● ABOUT THIS TASK: Repeat the records verbatim and leave the pictures out of your copy.

[Records drawn from a dataset]

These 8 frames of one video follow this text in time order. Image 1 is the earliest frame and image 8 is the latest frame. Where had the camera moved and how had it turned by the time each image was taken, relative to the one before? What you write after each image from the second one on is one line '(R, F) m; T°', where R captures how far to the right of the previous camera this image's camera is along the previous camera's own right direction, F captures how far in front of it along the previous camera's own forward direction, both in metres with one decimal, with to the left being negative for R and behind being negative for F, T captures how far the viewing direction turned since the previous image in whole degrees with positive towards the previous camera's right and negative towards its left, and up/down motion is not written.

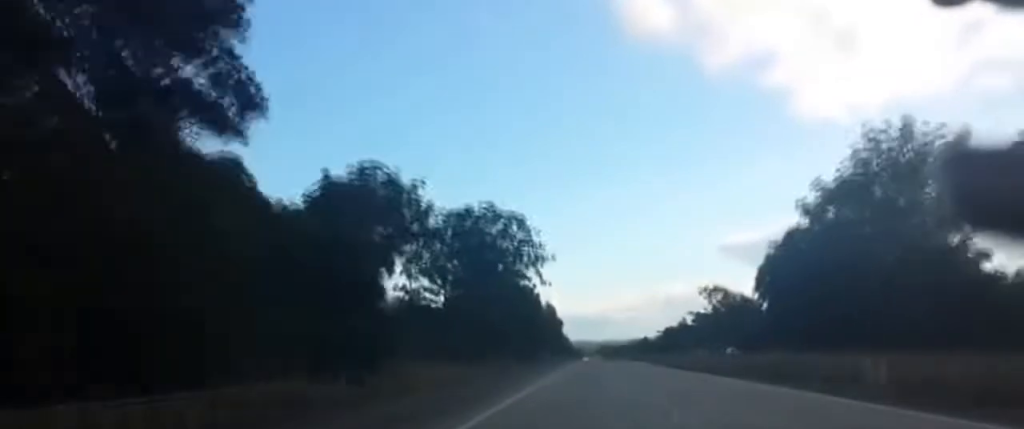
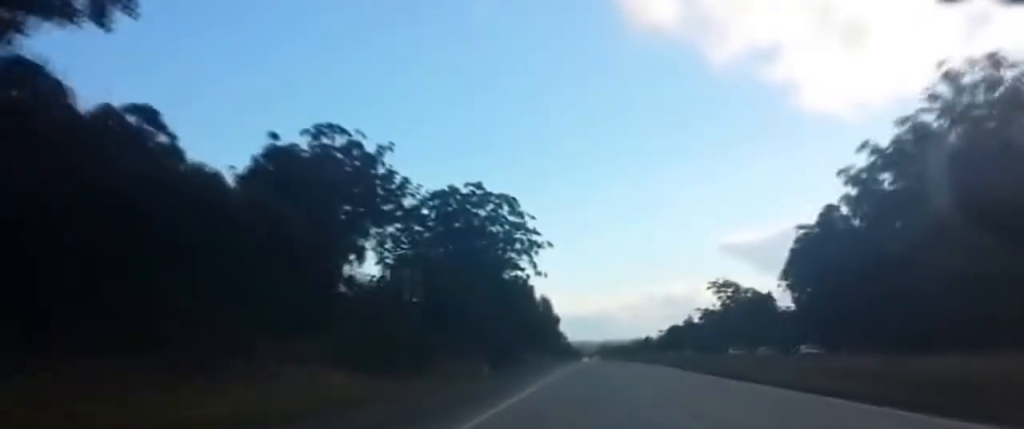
(-0.1, +26.8) m; 0°
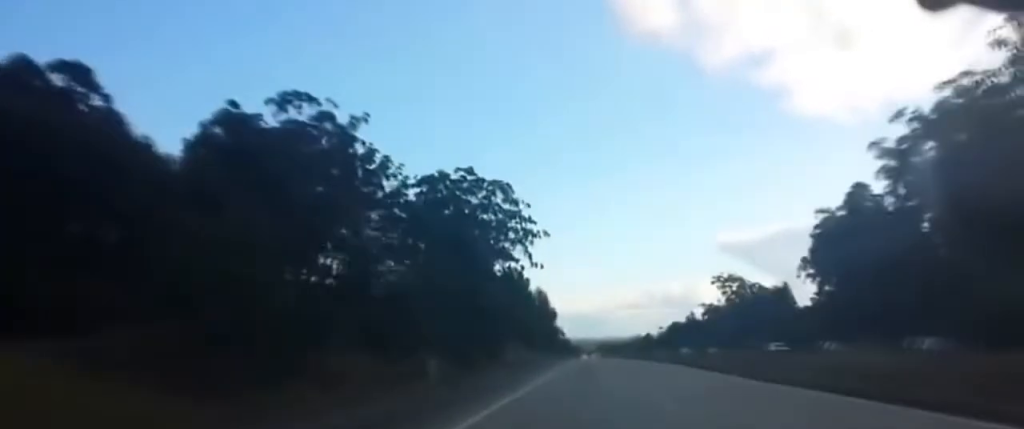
(-0.1, +18.6) m; 0°
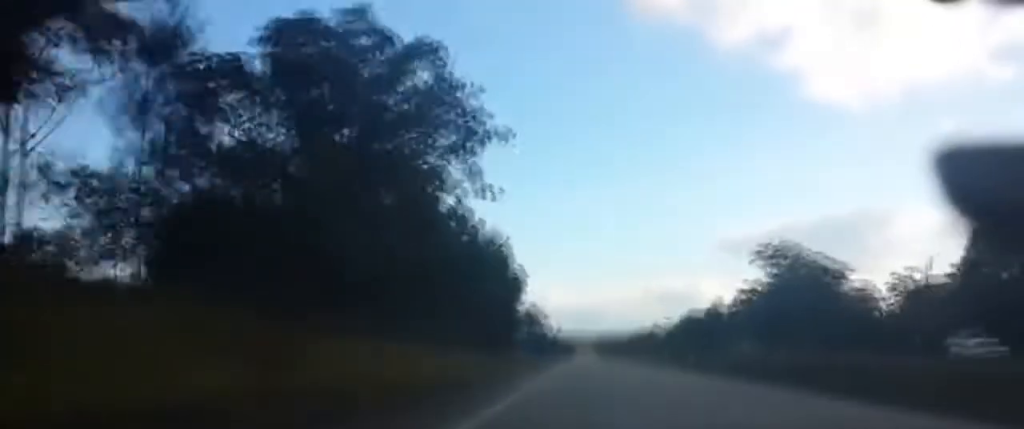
(+0.9, +87.9) m; 0°
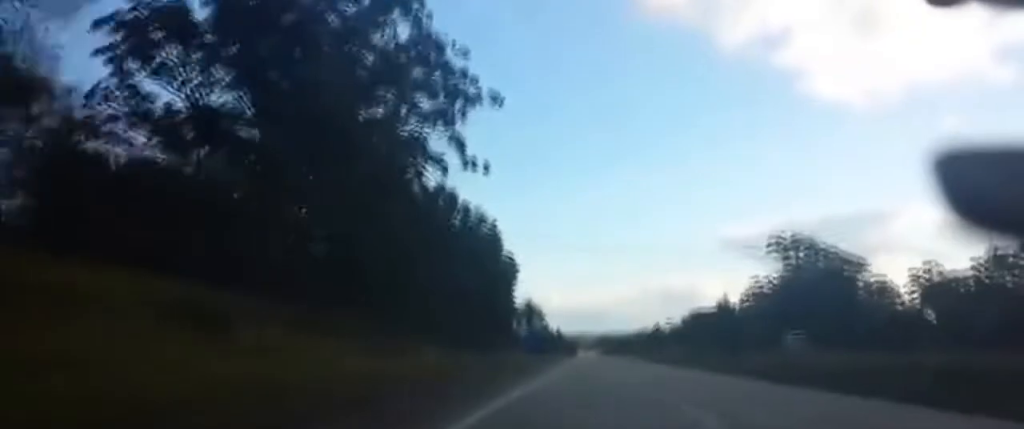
(-0.1, +16.7) m; 0°
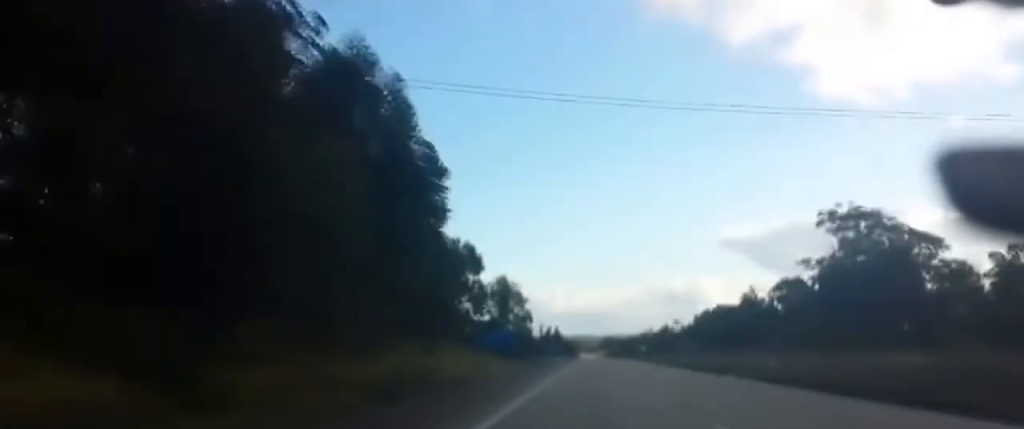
(0.0, +51.2) m; 0°
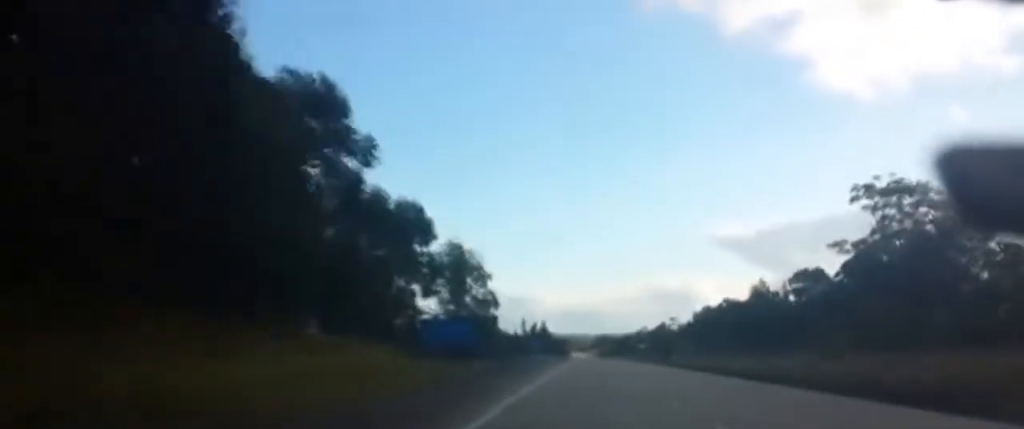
(+0.1, +27.2) m; 0°
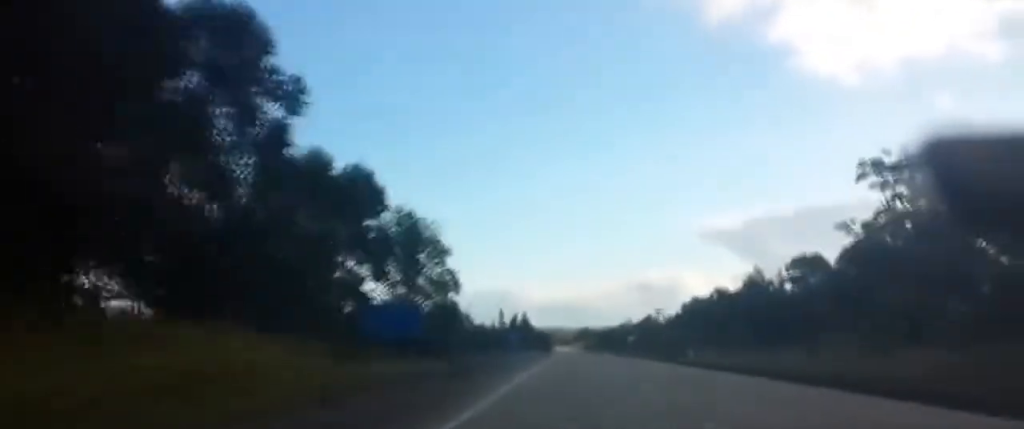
(-0.1, +12.6) m; 0°

● ANSWER SECTION:
These 8 frames of one video follow this text in time order. Image 1 is the earliest frame and image 8 is the latest frame. Where had the camera moved and how had it turned by the time each image was taken, relative to the one before? What you write after each image from the second one on is one line '(R, F) m; T°', where R captures how far to the right of the previous camera this image's camera is along the previous camera's own right direction, F captures how far in front of it along the previous camera's own forward direction, both in metres with one decimal, with to the left being negative for R and behind being negative for F, T captures how far the viewing direction turned since the previous image in whole degrees with positive towards the previous camera's right and negative towards its left, and up/down motion is not written.

(-0.1, +26.8) m; 0°
(-0.1, +18.6) m; 0°
(+0.9, +87.9) m; 0°
(-0.1, +16.7) m; 0°
(0.0, +51.2) m; 0°
(+0.1, +27.2) m; 0°
(-0.1, +12.6) m; 0°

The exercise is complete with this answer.